4. Conclusions and Recommendations

This study analyzed the dynamic relationships among four subsystems—industry, economy, energy, and carbon emissions—using the PVAR model, based on panel data from 30 Chinese provinces between 2017 and 2021. The results revealed that the industrial and economic subsystems contributed significantly to the growth of carbon emissions, while the energy subsystem helped moderate this increase, especially through the use of clean energy. The study’s findings, supported by impulse response and variance decomposition analyses, demonstrated the gradual shift in the roles of these subsystems over time, with energy’s influence on carbon emissions becoming more pronounced.
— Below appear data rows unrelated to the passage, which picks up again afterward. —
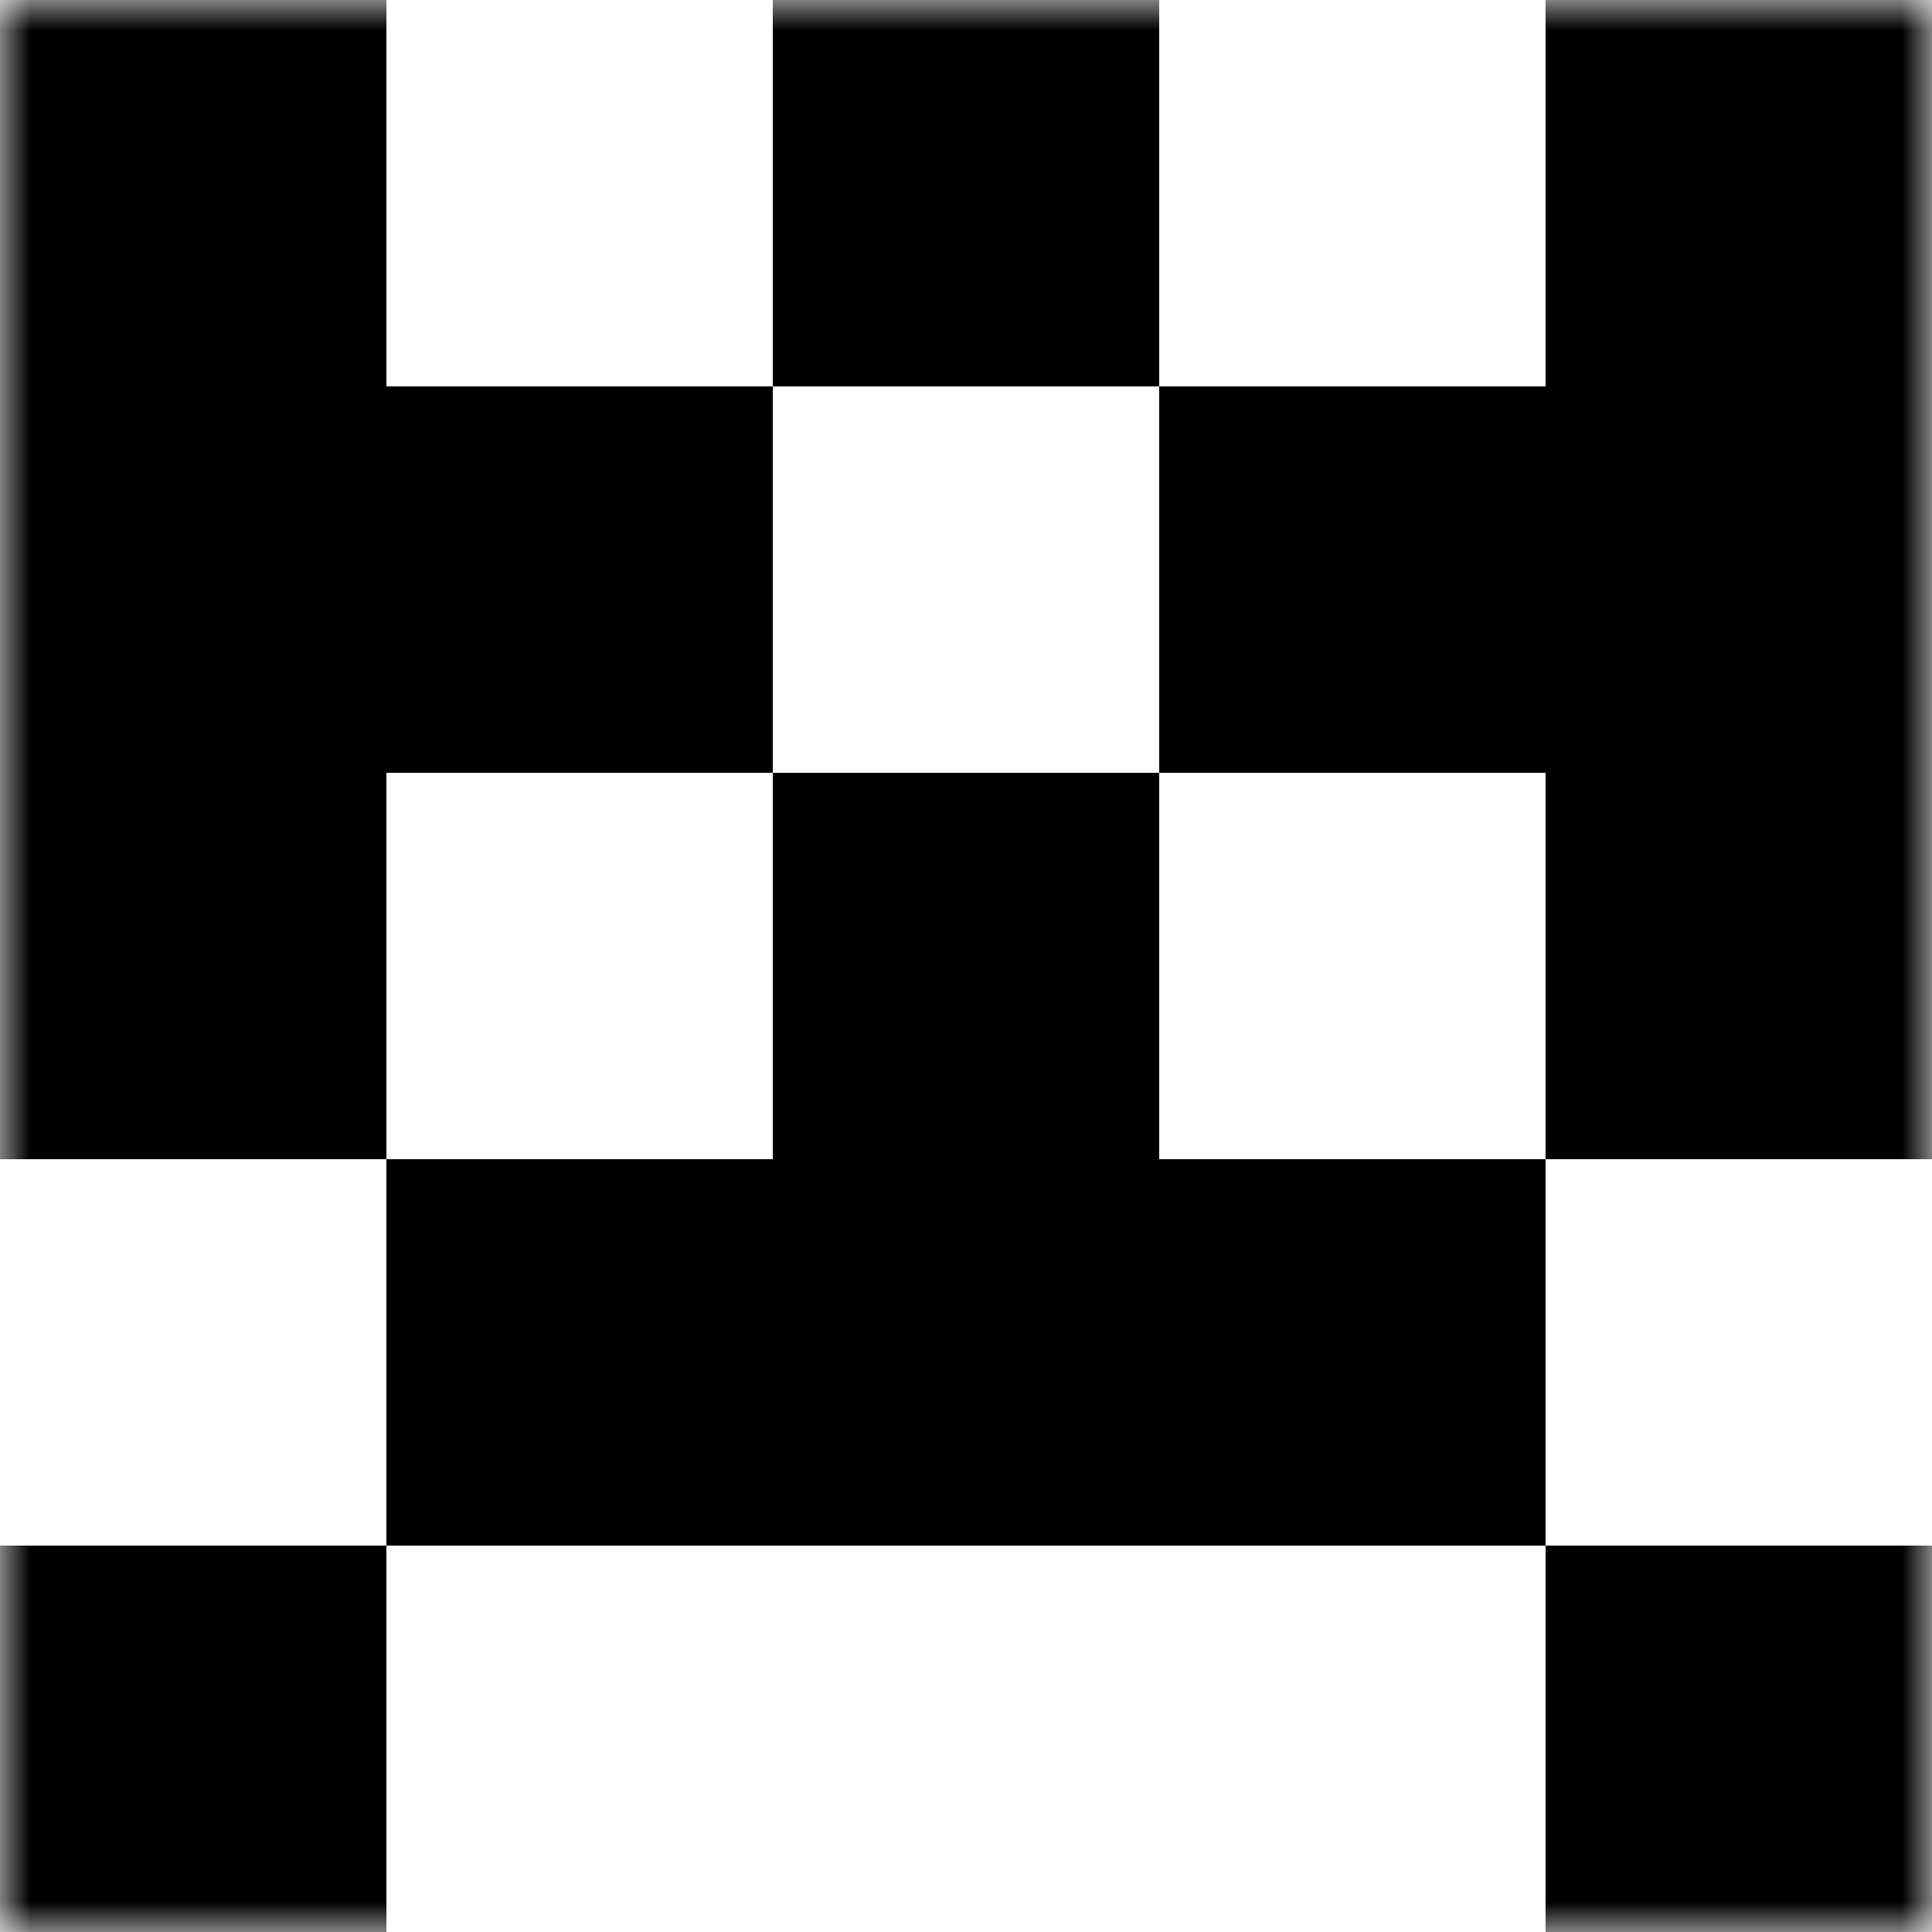 <svg width="32" height="32" viewBox="0 0 32 32" fill="none" xmlns="http://www.w3.org/2000/svg">
<g clip-path="url(#clip0_352_482)">
<mask id="mask0_352_482" style="mask-type:luminance" maskUnits="userSpaceOnUse" x="0" y="0" width="32" height="32">
<path d="M32 0H0V32H32V0Z" fill="white"/>
</mask>
<g mask="url(#mask0_352_482)">
<path d="M0 0H6.4V6.4H0V0ZM25.6 0H32V6.4H25.6V0ZM19.2 0H12.8V6.4H19.2V0Z" fill="black"/>
<path d="M12.8 6.4H0V12.8H12.8V6.4ZM32 6.4H19.2V12.8H32V6.4Z" fill="black"/>
<path d="M0 12.8H6.4V19.2H0V12.8ZM25.6 12.8H32V19.2H25.6V12.8ZM19.2 12.8H12.8V19.2H19.2V12.8Z" fill="black"/>
<path d="M6.4 19.2H25.6V25.6H6.4V19.2Z" fill="black"/>
<path d="M6.4 25.6H0V32H6.4V25.6ZM32 25.6H25.6V32H32V25.6Z" fill="black"/>
</g>
</g>
<defs>
<clipPath id="clip0_352_482">
<rect width="32" height="32" fill="white"/>
</clipPath>
</defs>
</svg>

Compared to the existing literature [45], this study extended the analysis by integrating all four subsystems and capturing the complex, dynamic interactions over time, thus offering a more nuanced understanding of their relationships. Despite the methodological innovations, the study acknowledges limitations, such as the potential for data noise and the exclusion of external factors like policy changes and global economic fluctuations. Future research can build on this work by incorporating more external variables, improving model robustness, and exploring regional variations in the relationships among these subsystems, thereby providing deeper insights for low-carbon transition policies.